═══ Records for the exercise

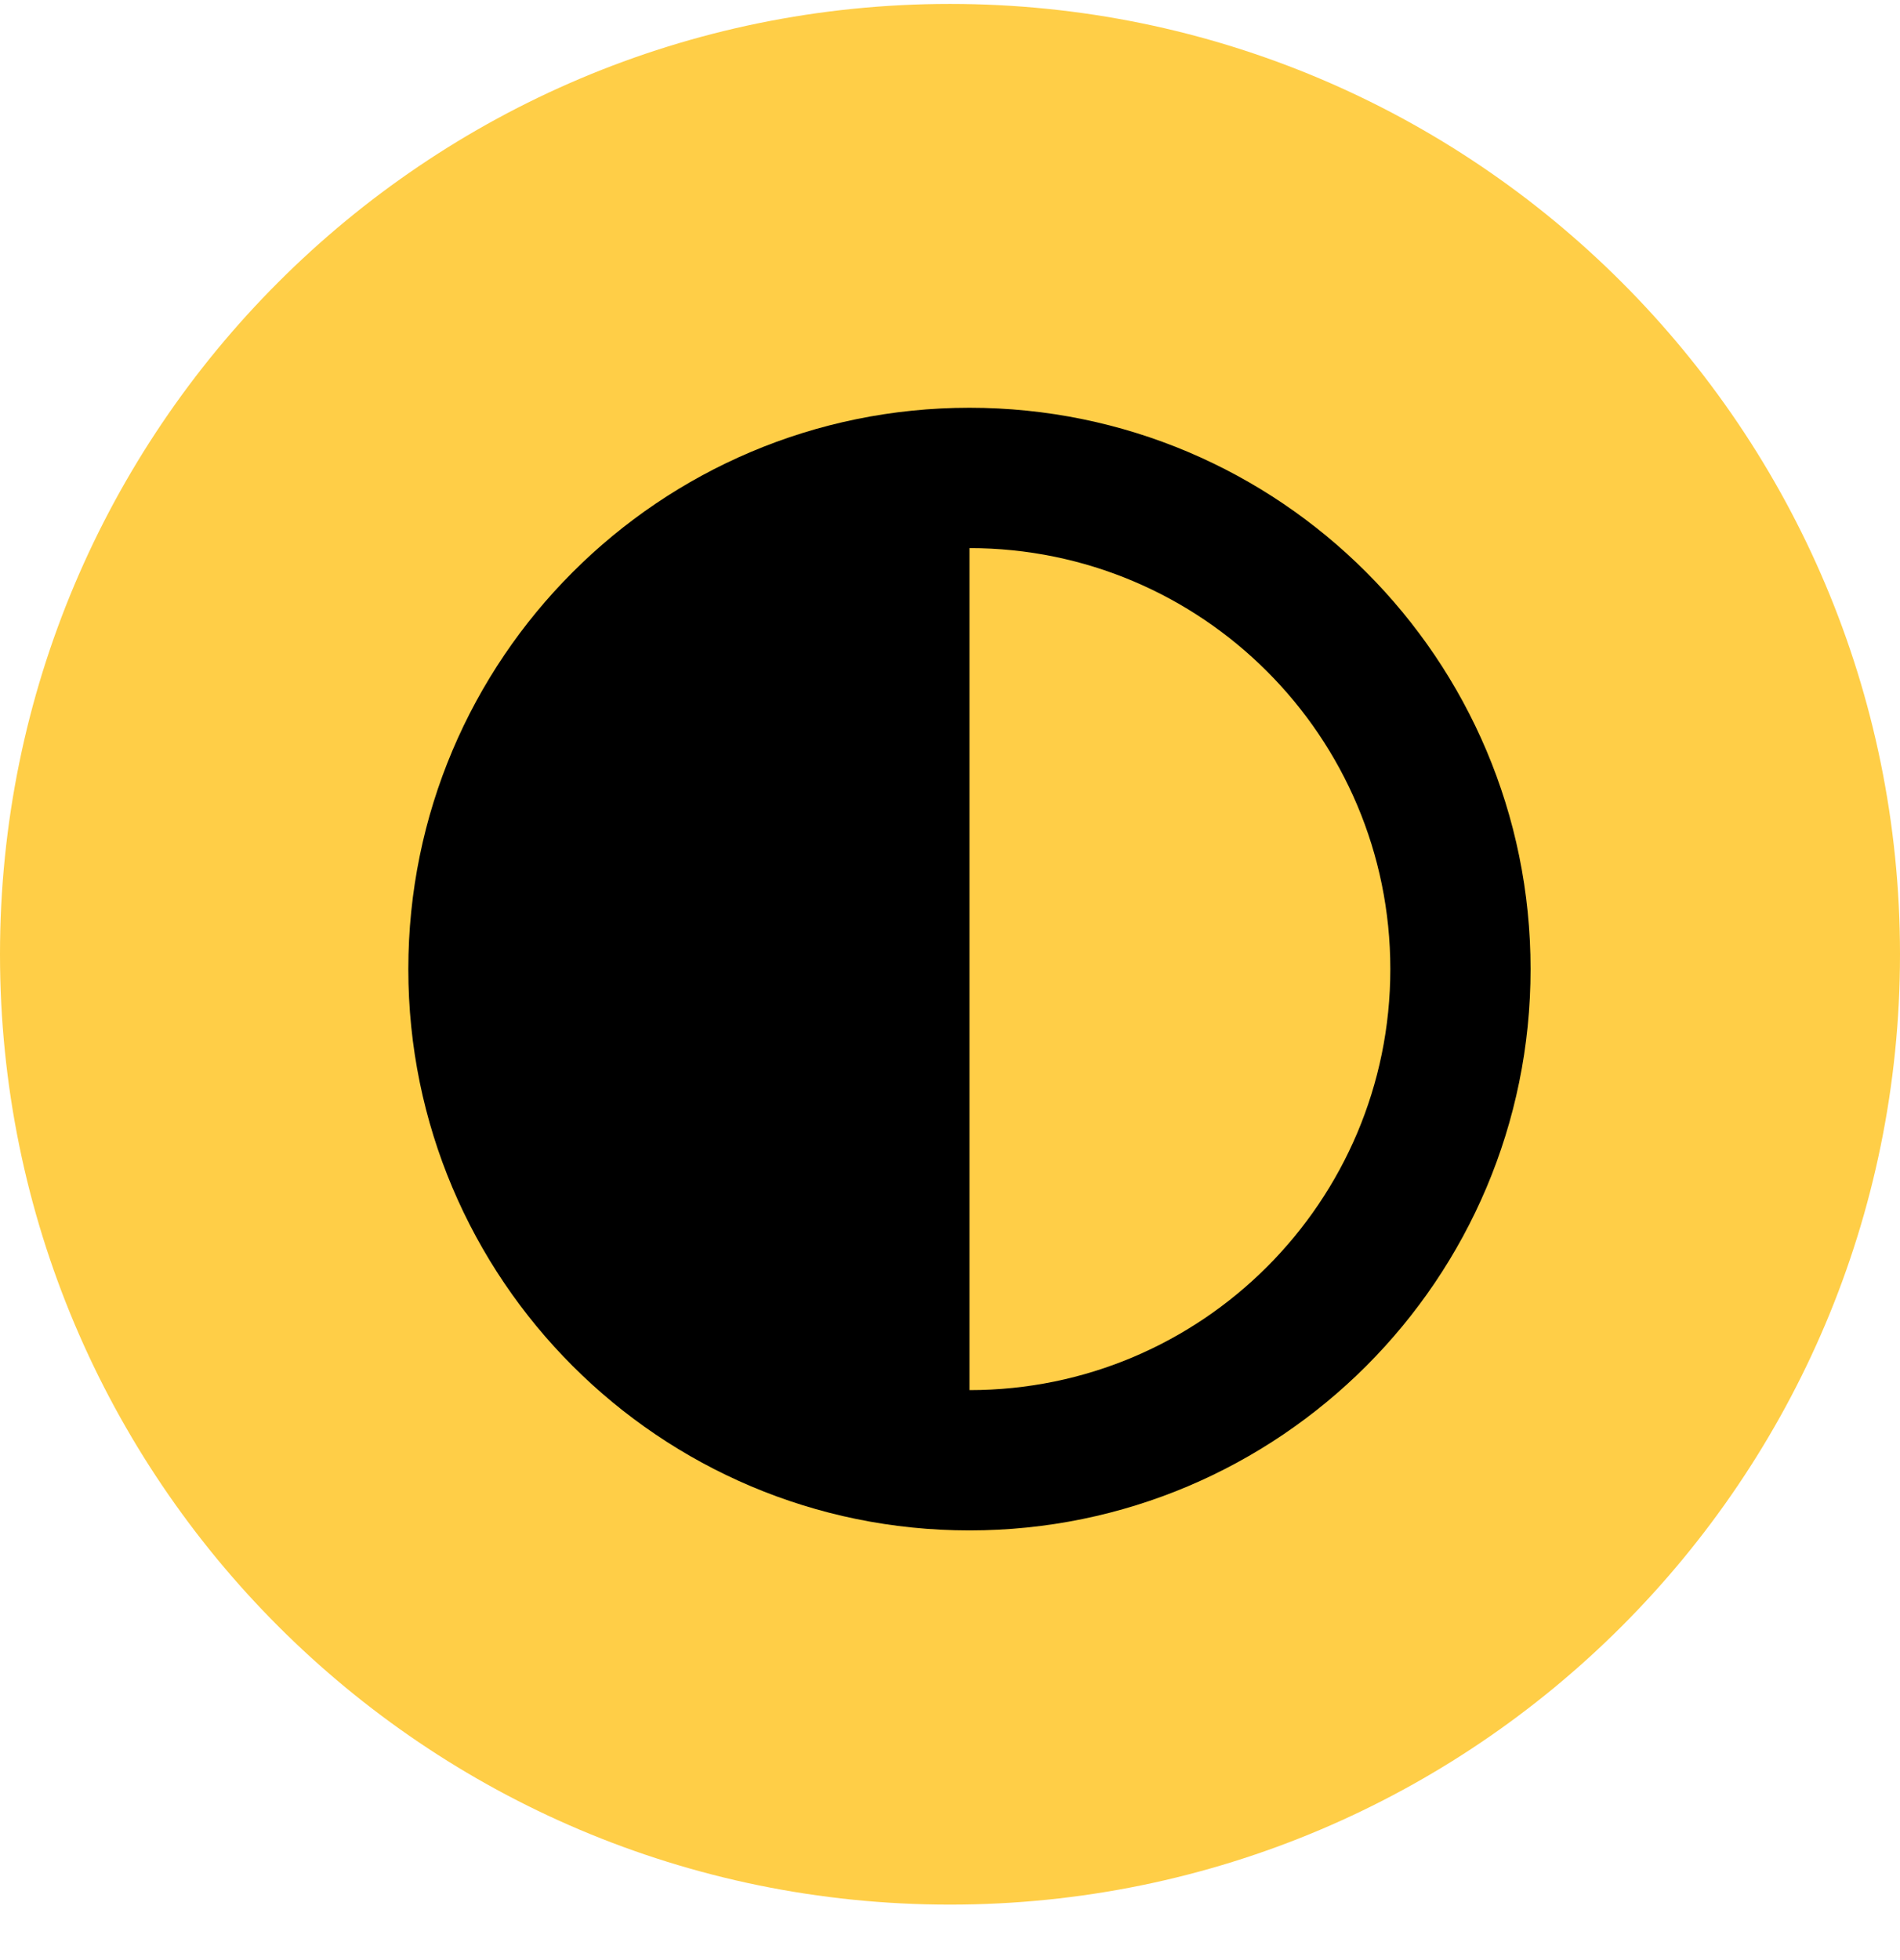<svg width="32" height="33" viewBox="0 0 32 33" fill="none" xmlns="http://www.w3.org/2000/svg">
<path d="M32 16.066C32 24.902 24.837 32.066 16 32.066C7.163 32.066 0 24.902 0 16.066C0 7.229 7.163 0.066 16 0.066C24.837 0.066 32 7.229 32 16.066Z" fill="#FFCE47"/>
<path fill-rule="evenodd" clip-rule="evenodd" d="M16.328 6.865C21.547 6.865 25.778 11.096 25.778 16.316C25.778 21.535 21.547 25.766 16.328 25.766C11.108 25.766 6.877 21.535 6.877 16.316C6.877 11.096 11.108 6.865 16.328 6.865ZM23.416 16.316C23.416 20.23 20.242 23.404 16.328 23.404V9.228C20.242 9.228 23.416 12.401 23.416 16.316Z" fill="black"/>
</svg>
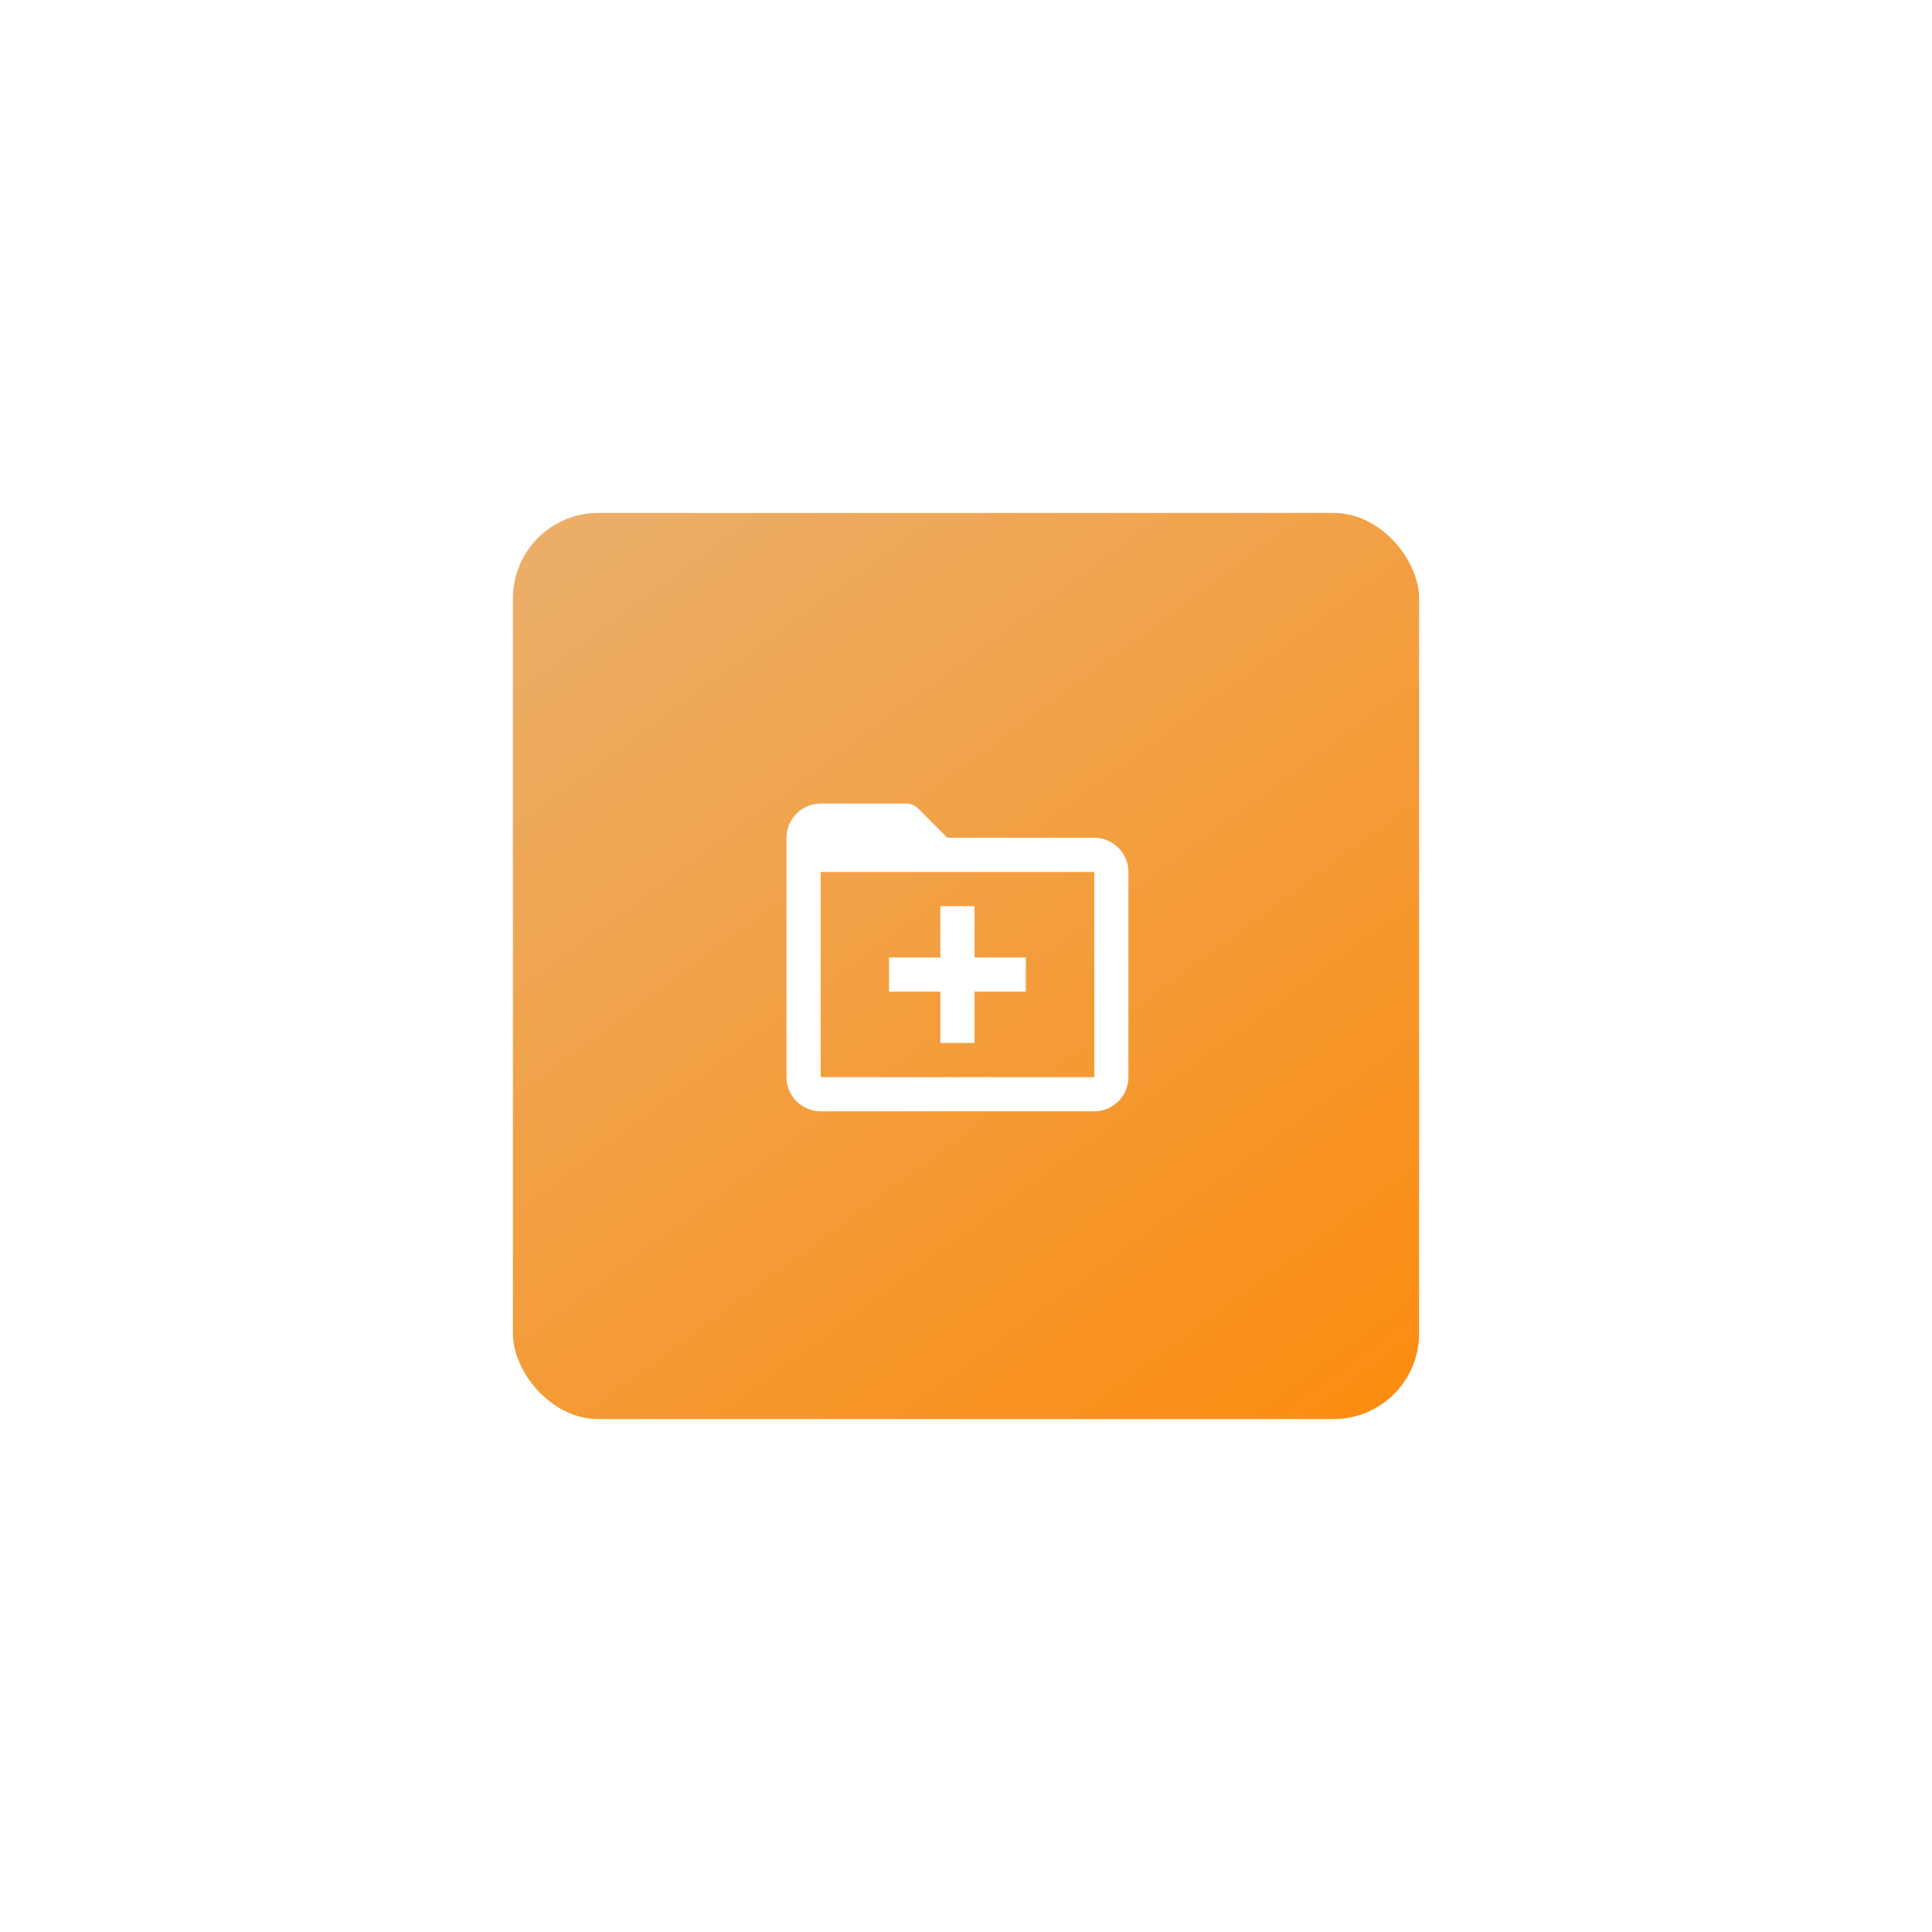 <?xml version="1.0" encoding="UTF-8"?> <svg xmlns="http://www.w3.org/2000/svg" width="113" height="113" viewBox="0 0 113 113" fill="none"> <g filter="url(#filter0_d_70_250)"> <rect x="30" y="10" width="53" height="53" rx="5" fill="url(#paint0_linear_70_250)"></rect> <path d="M57 33H55V36H52V38H55V41H57V38H60V36H57V33Z" fill="white"></path> <path d="M64 29H55.414L53.707 27.293C53.614 27.2 53.504 27.126 53.383 27.076C53.261 27.026 53.131 27 53 27H48C46.897 27 46 27.897 46 29V43C46 44.103 46.897 45 48 45H64C65.103 45 66 44.103 66 43V31C66 29.897 65.103 29 64 29ZM48 43V31H64L64.002 43H48Z" fill="white"></path> </g> <defs> <filter id="filter0_d_70_250" x="0" y="0" width="113" height="113" filterUnits="userSpaceOnUse" color-interpolation-filters="sRGB"> <feFlood flood-opacity="0" result="BackgroundImageFix"></feFlood> <feColorMatrix in="SourceAlpha" type="matrix" values="0 0 0 0 0 0 0 0 0 0 0 0 0 0 0 0 0 0 127 0" result="hardAlpha"></feColorMatrix> <feOffset dy="20"></feOffset> <feGaussianBlur stdDeviation="15"></feGaussianBlur> <feComposite in2="hardAlpha" operator="out"></feComposite> <feColorMatrix type="matrix" values="0 0 0 0 0 0 0 0 0 0.039 0 0 0 0 0.424 0 0 0 0.19 0"></feColorMatrix> <feBlend mode="normal" in2="BackgroundImageFix" result="effect1_dropShadow_70_250"></feBlend> <feBlend mode="normal" in="SourceGraphic" in2="effect1_dropShadow_70_250" result="shape"></feBlend> </filter> <linearGradient id="paint0_linear_70_250" x1="39" y1="10" x2="78" y2="63" gradientUnits="userSpaceOnUse"> <stop stop-color="#ECAD66"></stop> <stop offset="1" stop-color="#FB8D12"></stop> </linearGradient> </defs> </svg>

══════

__What the task asks__
The response should consist of the entries above, given again exactly and free of pictures.

__Response to the task__
<svg width="32" height="33" viewBox="0 0 32 33" fill="none" xmlns="http://www.w3.org/2000/svg">
<path d="M32 16.066C32 24.902 24.837 32.066 16 32.066C7.163 32.066 0 24.902 0 16.066C0 7.229 7.163 0.066 16 0.066C24.837 0.066 32 7.229 32 16.066Z" fill="#FFCE47"/>
<path fill-rule="evenodd" clip-rule="evenodd" d="M16.328 6.865C21.547 6.865 25.778 11.096 25.778 16.316C25.778 21.535 21.547 25.766 16.328 25.766C11.108 25.766 6.877 21.535 6.877 16.316C6.877 11.096 11.108 6.865 16.328 6.865ZM23.416 16.316C23.416 20.23 20.242 23.404 16.328 23.404V9.228C20.242 9.228 23.416 12.401 23.416 16.316Z" fill="black"/>
</svg>
 <?xml version="1.0" encoding="UTF-8"?> <svg xmlns="http://www.w3.org/2000/svg" width="113" height="113" viewBox="0 0 113 113" fill="none"> <g filter="url(#filter0_d_70_250)"> <rect x="30" y="10" width="53" height="53" rx="5" fill="url(#paint0_linear_70_250)"></rect> <path d="M57 33H55V36H52V38H55V41H57V38H60V36H57V33Z" fill="white"></path> <path d="M64 29H55.414L53.707 27.293C53.614 27.2 53.504 27.126 53.383 27.076C53.261 27.026 53.131 27 53 27H48C46.897 27 46 27.897 46 29V43C46 44.103 46.897 45 48 45H64C65.103 45 66 44.103 66 43V31C66 29.897 65.103 29 64 29ZM48 43V31H64L64.002 43H48Z" fill="white"></path> </g> <defs> <filter id="filter0_d_70_250" x="0" y="0" width="113" height="113" filterUnits="userSpaceOnUse" color-interpolation-filters="sRGB"> <feFlood flood-opacity="0" result="BackgroundImageFix"></feFlood> <feColorMatrix in="SourceAlpha" type="matrix" values="0 0 0 0 0 0 0 0 0 0 0 0 0 0 0 0 0 0 127 0" result="hardAlpha"></feColorMatrix> <feOffset dy="20"></feOffset> <feGaussianBlur stdDeviation="15"></feGaussianBlur> <feComposite in2="hardAlpha" operator="out"></feComposite> <feColorMatrix type="matrix" values="0 0 0 0 0 0 0 0 0 0.039 0 0 0 0 0.424 0 0 0 0.19 0"></feColorMatrix> <feBlend mode="normal" in2="BackgroundImageFix" result="effect1_dropShadow_70_250"></feBlend> <feBlend mode="normal" in="SourceGraphic" in2="effect1_dropShadow_70_250" result="shape"></feBlend> </filter> <linearGradient id="paint0_linear_70_250" x1="39" y1="10" x2="78" y2="63" gradientUnits="userSpaceOnUse"> <stop stop-color="#ECAD66"></stop> <stop offset="1" stop-color="#FB8D12"></stop> </linearGradient> </defs> </svg>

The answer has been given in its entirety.